Your assignment :: Excluding pictures, give the entries again exactly as they appear.

Information ::
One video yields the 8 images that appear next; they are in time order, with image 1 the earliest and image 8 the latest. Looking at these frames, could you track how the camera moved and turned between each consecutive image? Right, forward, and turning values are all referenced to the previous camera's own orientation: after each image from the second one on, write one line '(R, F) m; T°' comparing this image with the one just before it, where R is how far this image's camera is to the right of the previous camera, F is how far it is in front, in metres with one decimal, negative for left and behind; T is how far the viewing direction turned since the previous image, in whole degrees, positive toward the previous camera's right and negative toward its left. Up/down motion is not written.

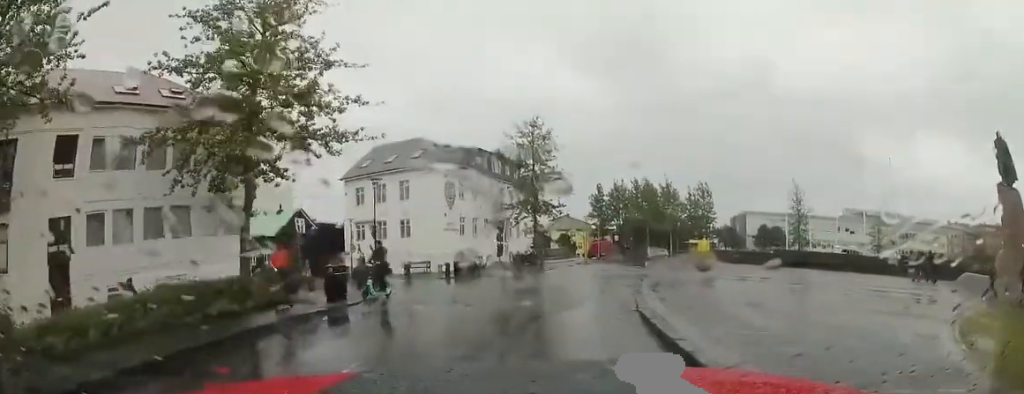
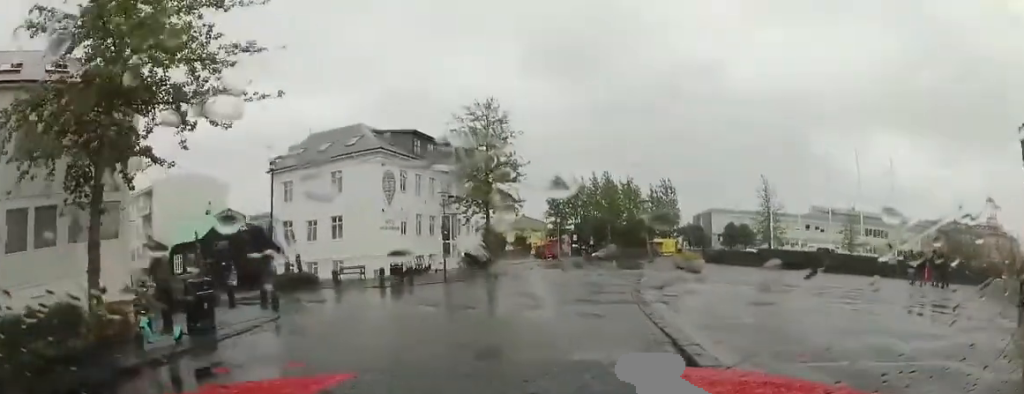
(+0.4, +5.0) m; +4°
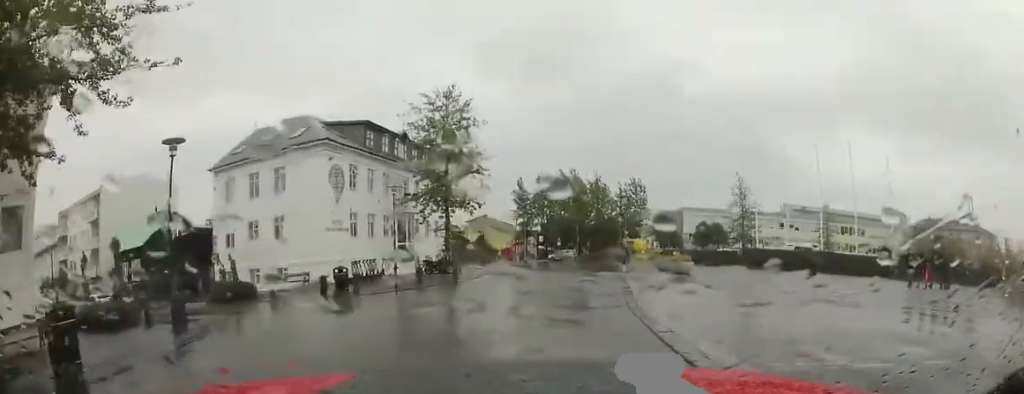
(0.0, +3.2) m; 0°
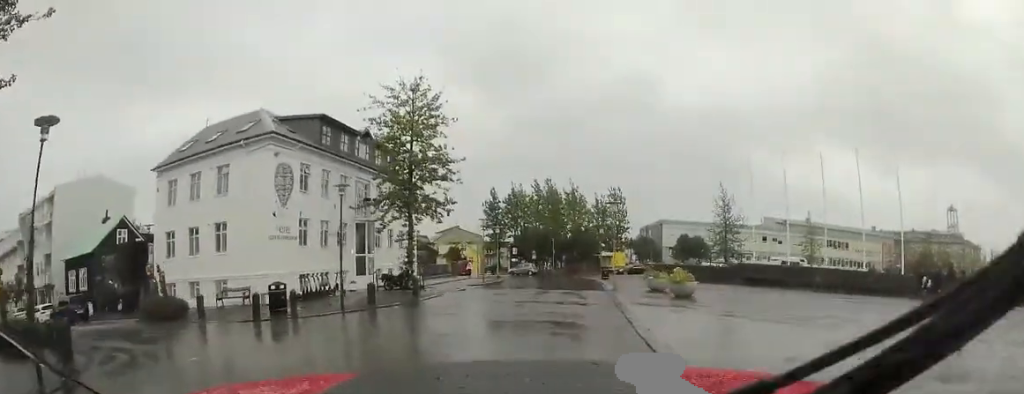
(-0.1, +3.8) m; -3°
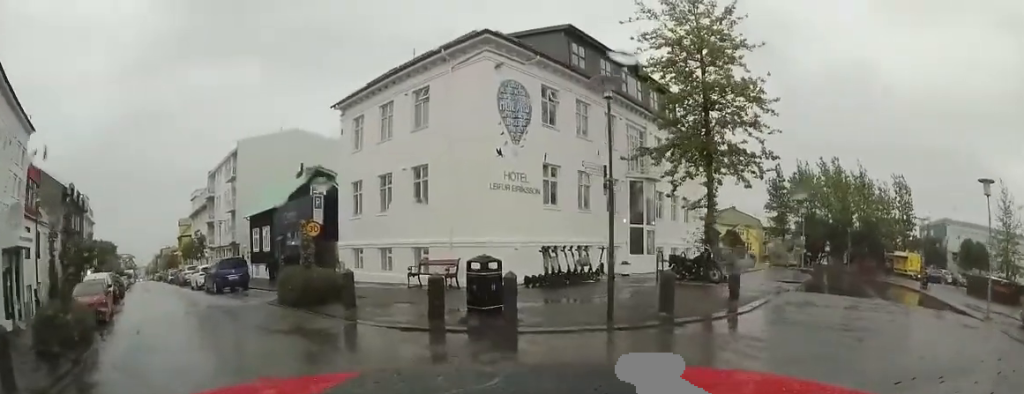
(-1.4, +8.6) m; -30°
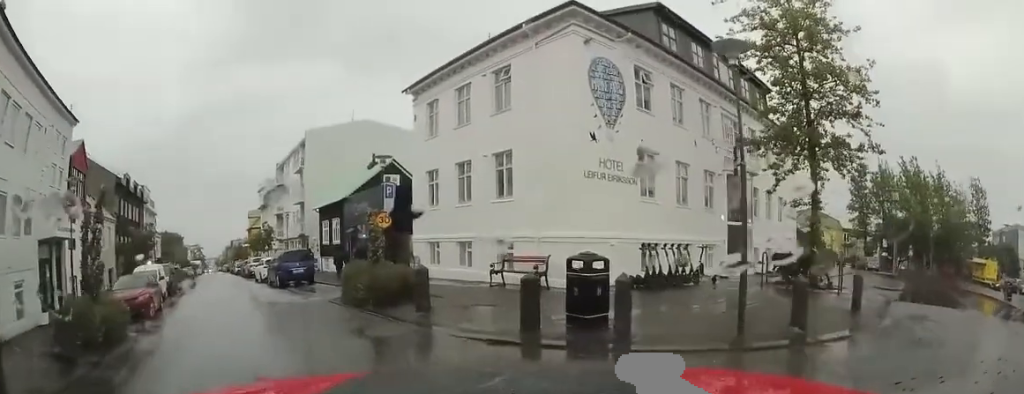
(-0.1, +1.6) m; -9°
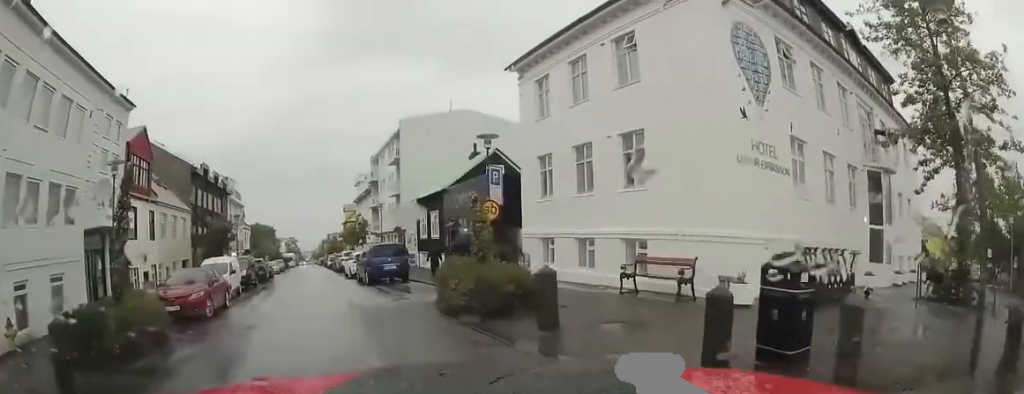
(-0.4, +2.4) m; -12°
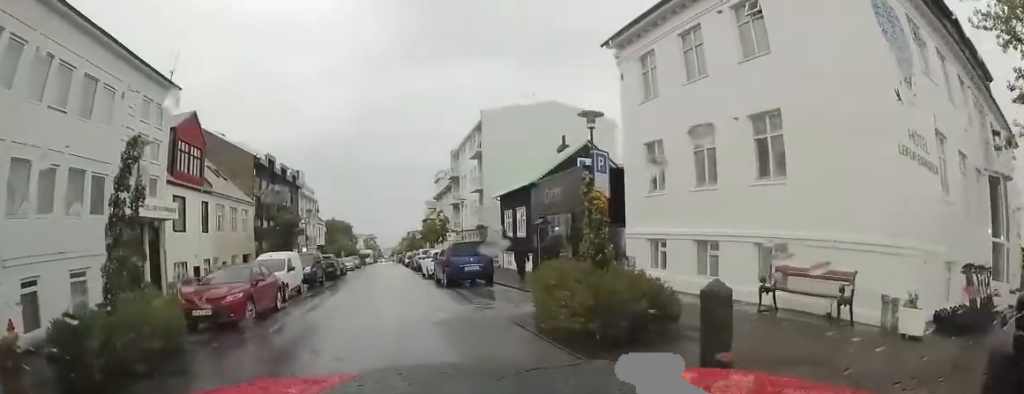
(-0.2, +2.3) m; -9°

Reply ::
One video yields the 8 images that appear next; they are in time order, with image 1 the earliest and image 8 the latest. Looking at these frames, could you track how the camera moved and turned between each consecutive image? Right, forward, and turning values are all referenced to the previous camera's own orientation: after each image from the second one on, write one line '(R, F) m; T°' comparing this image with the one just before it, where R is how far this image's camera is to the right of the previous camera, F is how far it is in front, in metres with one decimal, negative for left and behind; T is how far the viewing direction turned since the previous image, in whole degrees, positive toward the previous camera's right and negative toward its left. Up/down motion is not written.

(+0.4, +5.0) m; +4°
(0.0, +3.2) m; 0°
(-0.1, +3.8) m; -3°
(-1.4, +8.6) m; -30°
(-0.1, +1.6) m; -9°
(-0.4, +2.4) m; -12°
(-0.2, +2.3) m; -9°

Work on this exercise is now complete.